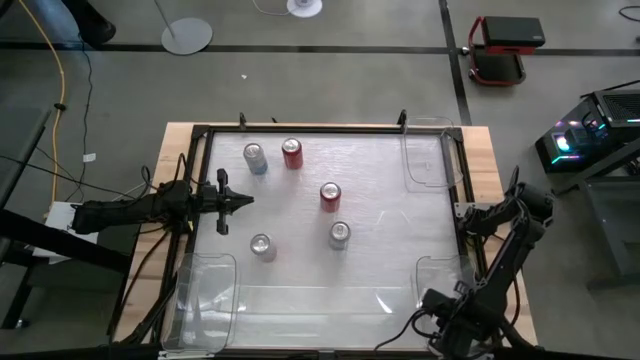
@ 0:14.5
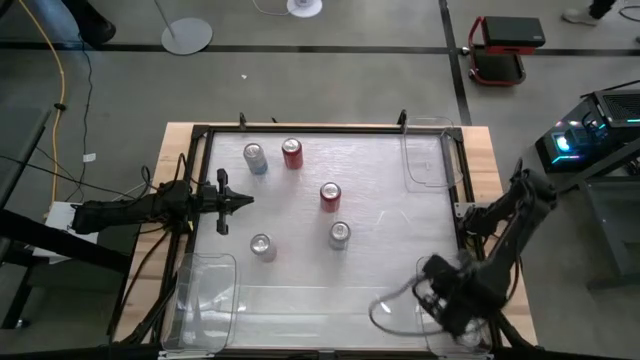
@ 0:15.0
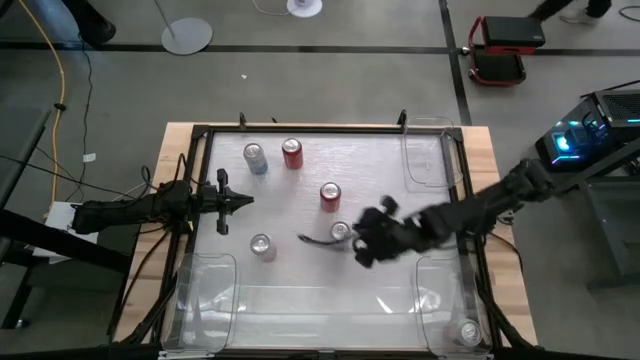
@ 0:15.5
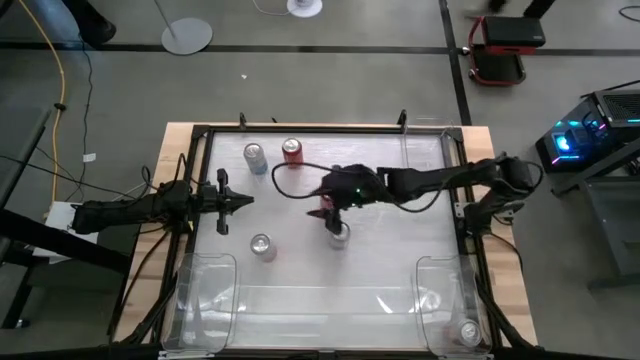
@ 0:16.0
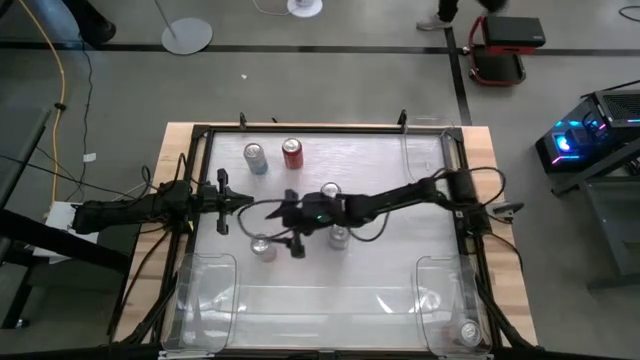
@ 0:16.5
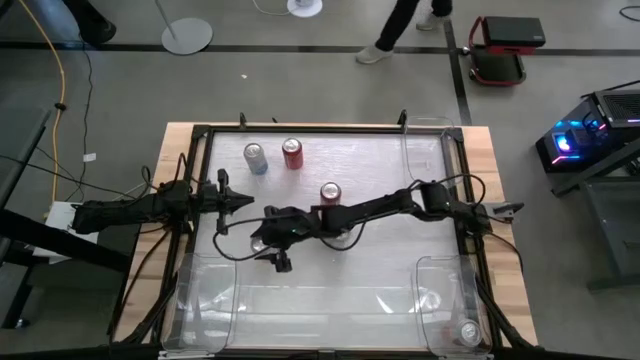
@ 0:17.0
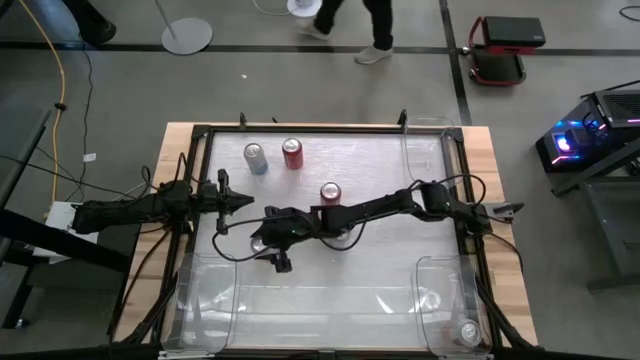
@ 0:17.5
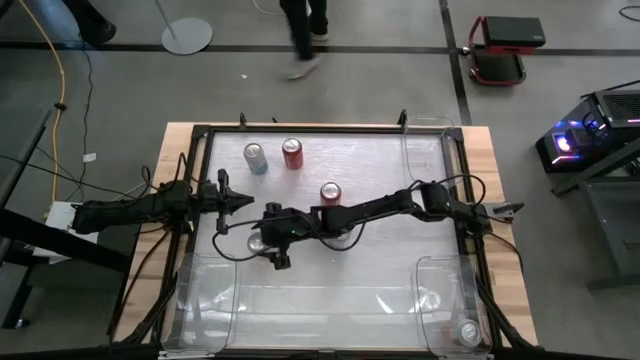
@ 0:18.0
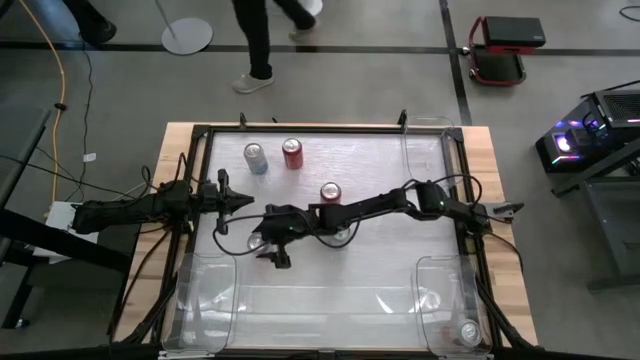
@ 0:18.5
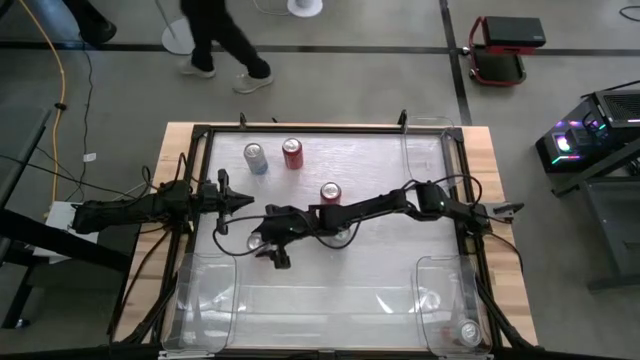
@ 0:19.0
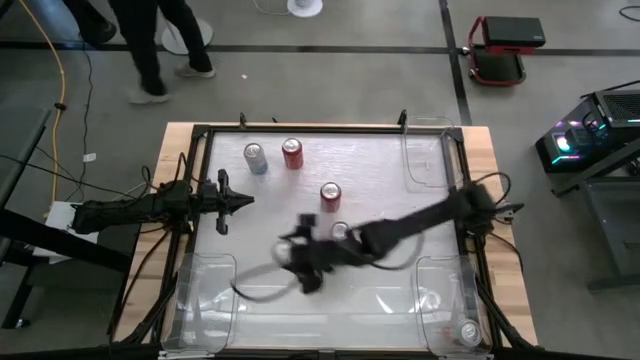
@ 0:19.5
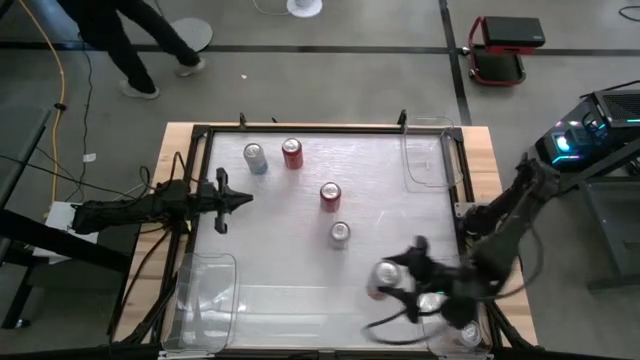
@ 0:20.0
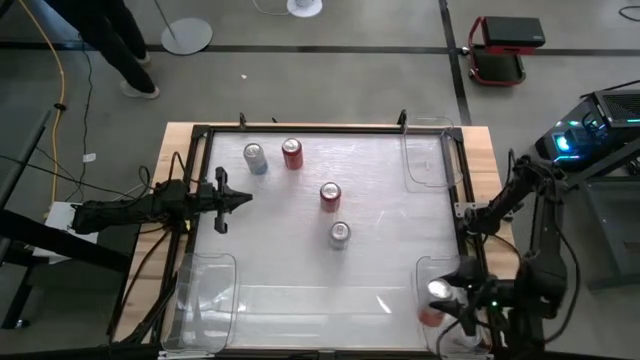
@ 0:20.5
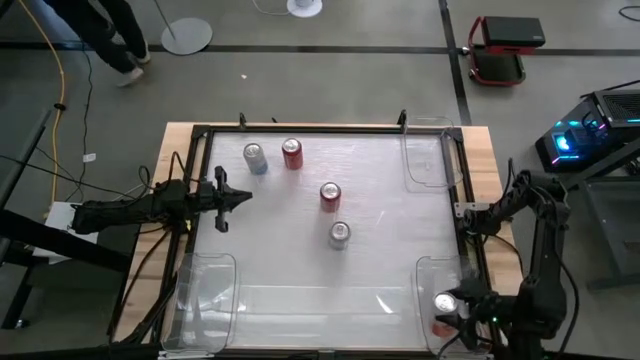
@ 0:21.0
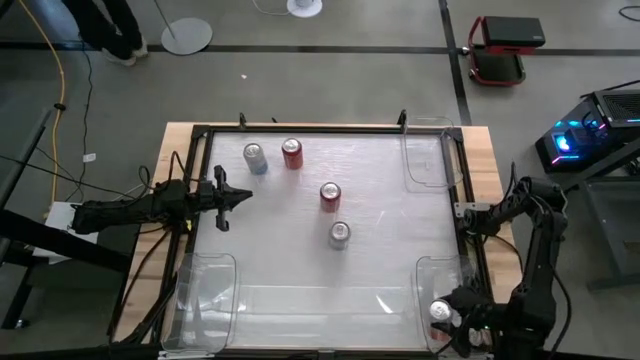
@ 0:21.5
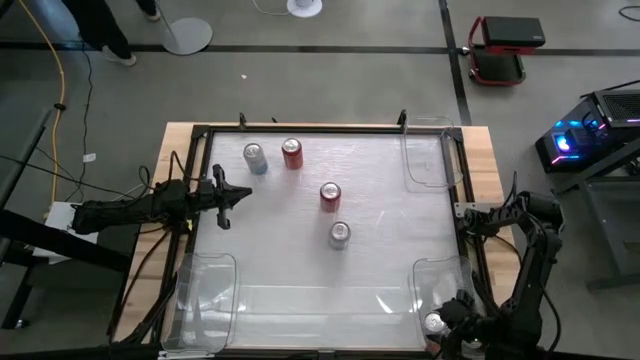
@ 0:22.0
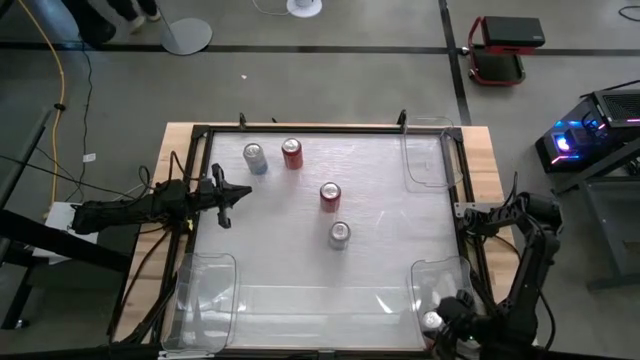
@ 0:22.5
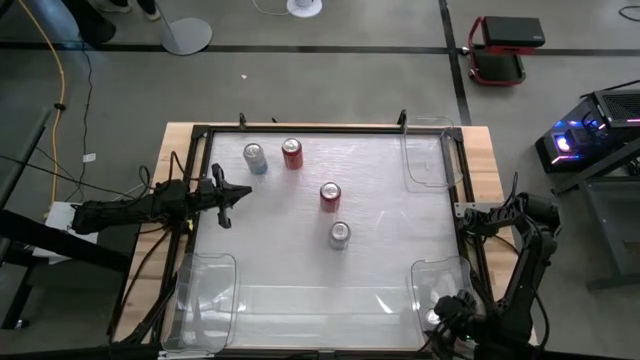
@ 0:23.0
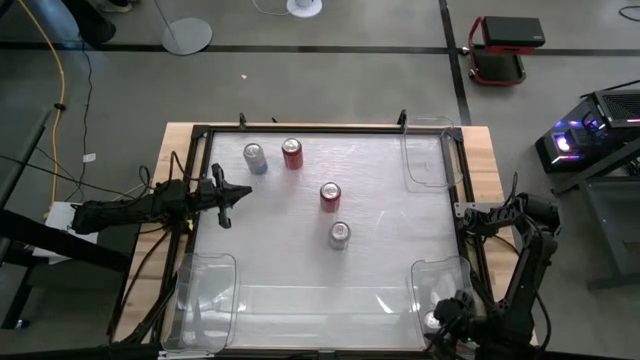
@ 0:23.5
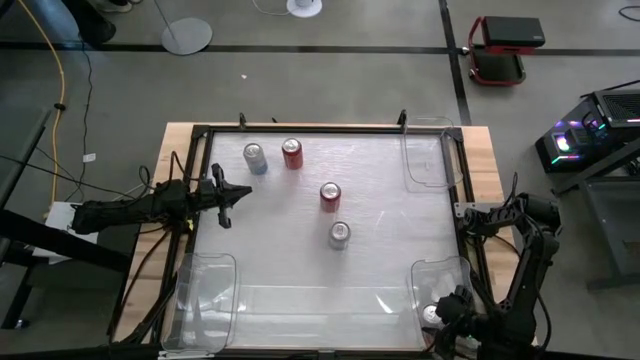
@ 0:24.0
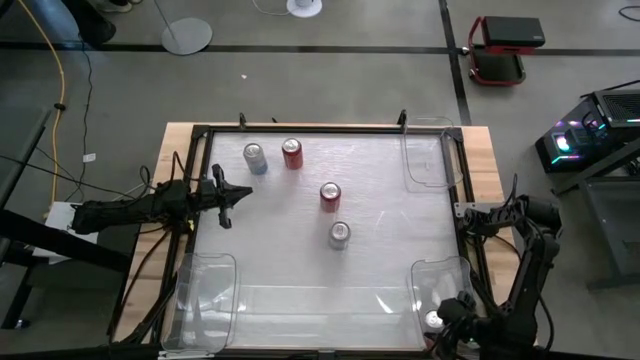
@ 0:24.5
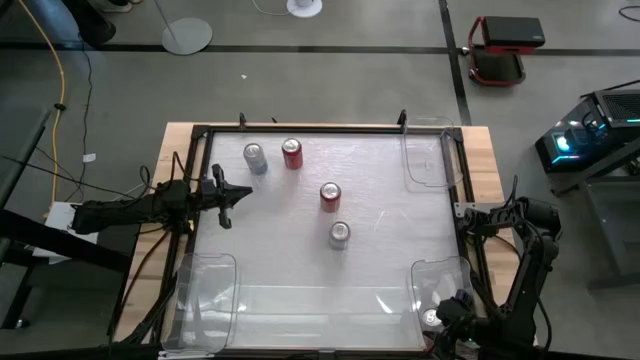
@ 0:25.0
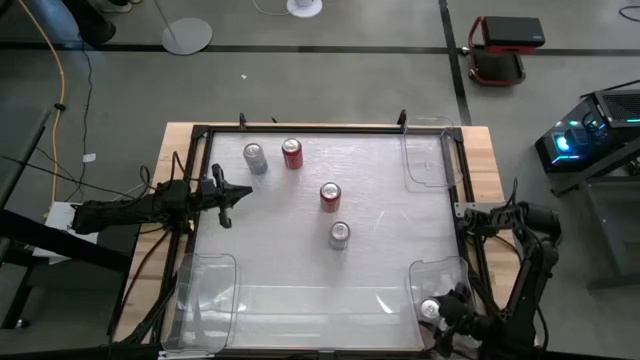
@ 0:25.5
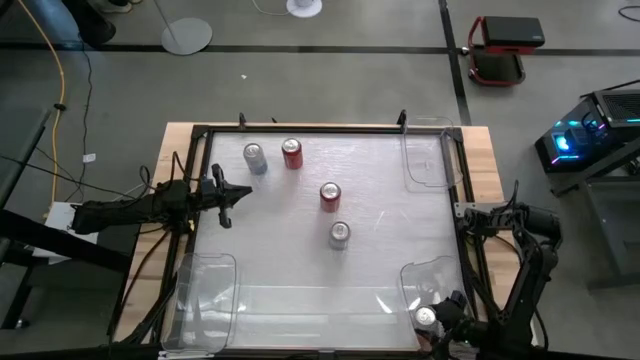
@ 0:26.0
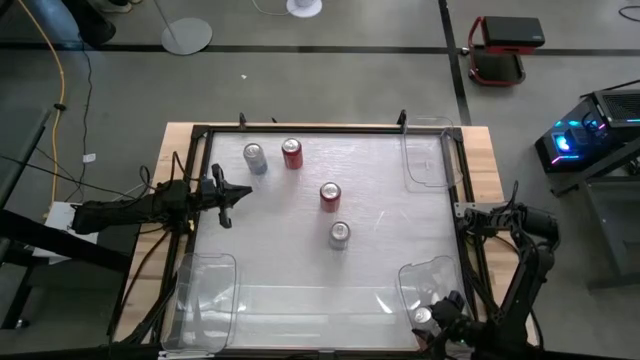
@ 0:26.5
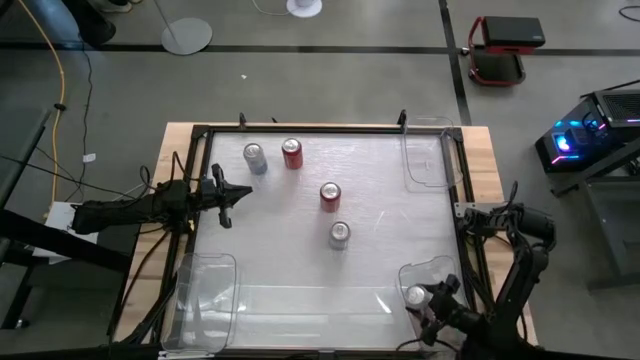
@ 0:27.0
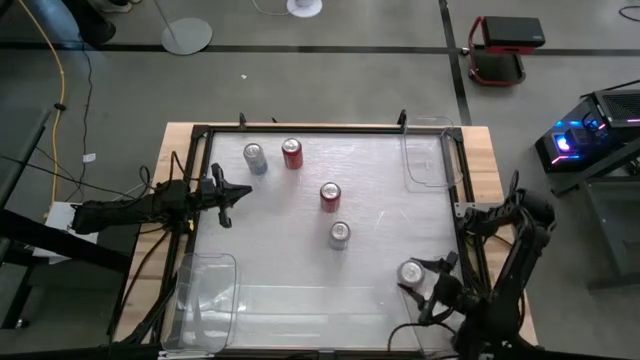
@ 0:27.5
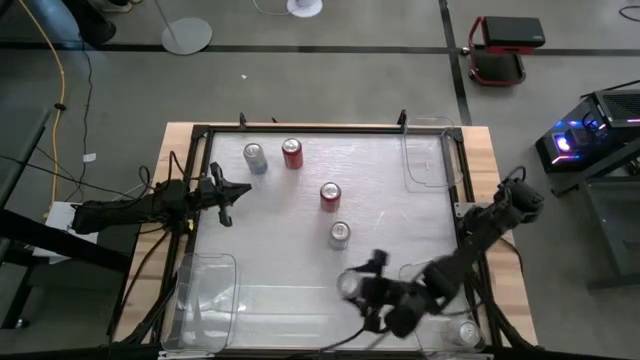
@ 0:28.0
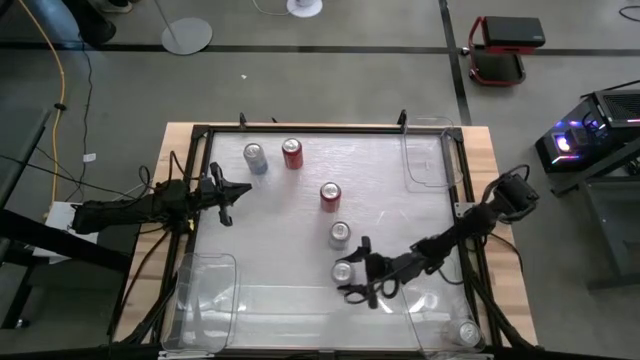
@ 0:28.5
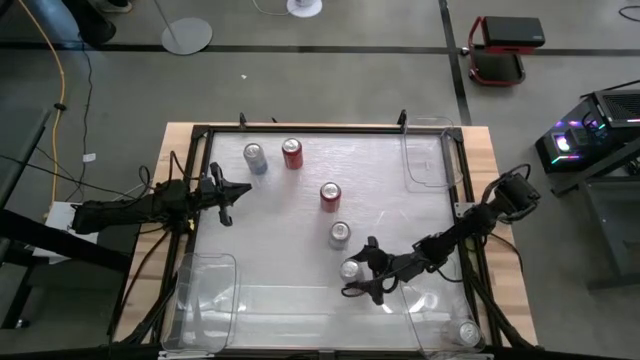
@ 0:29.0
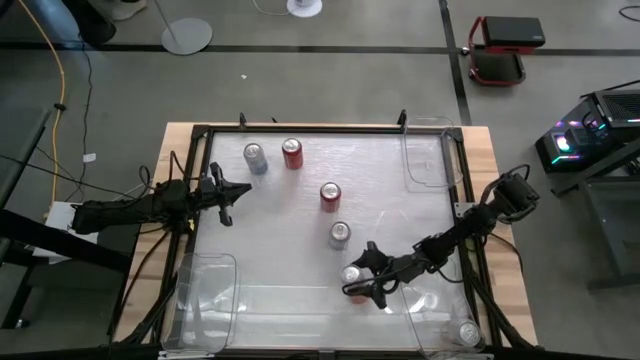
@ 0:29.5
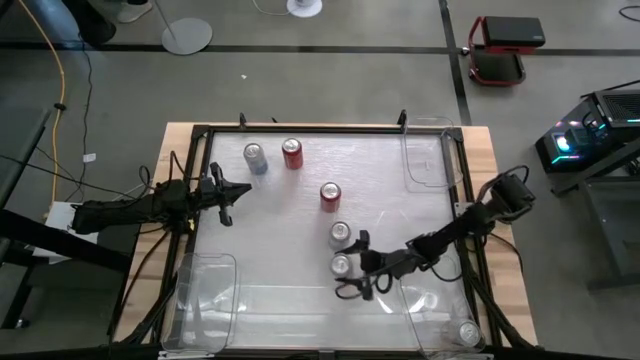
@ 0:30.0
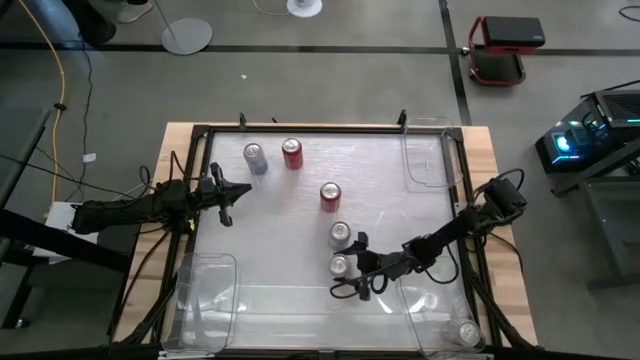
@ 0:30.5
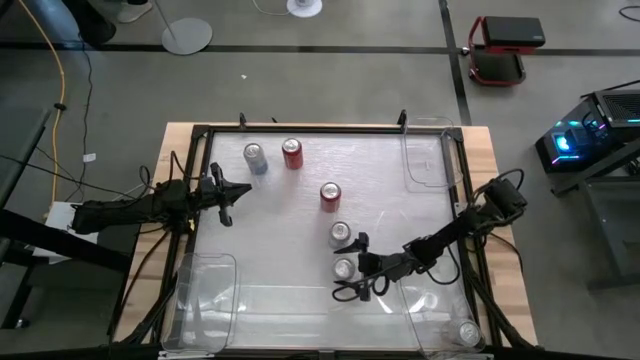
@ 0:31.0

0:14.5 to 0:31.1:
Task: Sort soda cans
Put the orange-white soda can into the bottom right transparent bin

════════════════════

◆ TASK DETAILS ◆
When you retype the material above, copy each line exactly and drop whatever images appear in it.

◆ RESPONSE AREA ◆
@ 0:14.5
@ 0:15.0
@ 0:15.5
@ 0:16.0
@ 0:16.5
@ 0:17.0
@ 0:17.5
@ 0:18.0
@ 0:18.5
@ 0:19.0
@ 0:19.5
@ 0:20.0
@ 0:20.5
@ 0:21.0
@ 0:21.5
@ 0:22.0
@ 0:22.5
@ 0:23.0
@ 0:23.5
@ 0:24.0
@ 0:24.5
@ 0:25.0
@ 0:25.5
@ 0:26.0
@ 0:26.5
@ 0:27.0
@ 0:27.5
@ 0:28.0
@ 0:28.5
@ 0:29.0
@ 0:29.5
@ 0:30.0
@ 0:30.5
@ 0:31.0

0:14.5 to 0:31.1:
Task: Sort soda cans
Put the orange-white soda can into the bottom right transparent bin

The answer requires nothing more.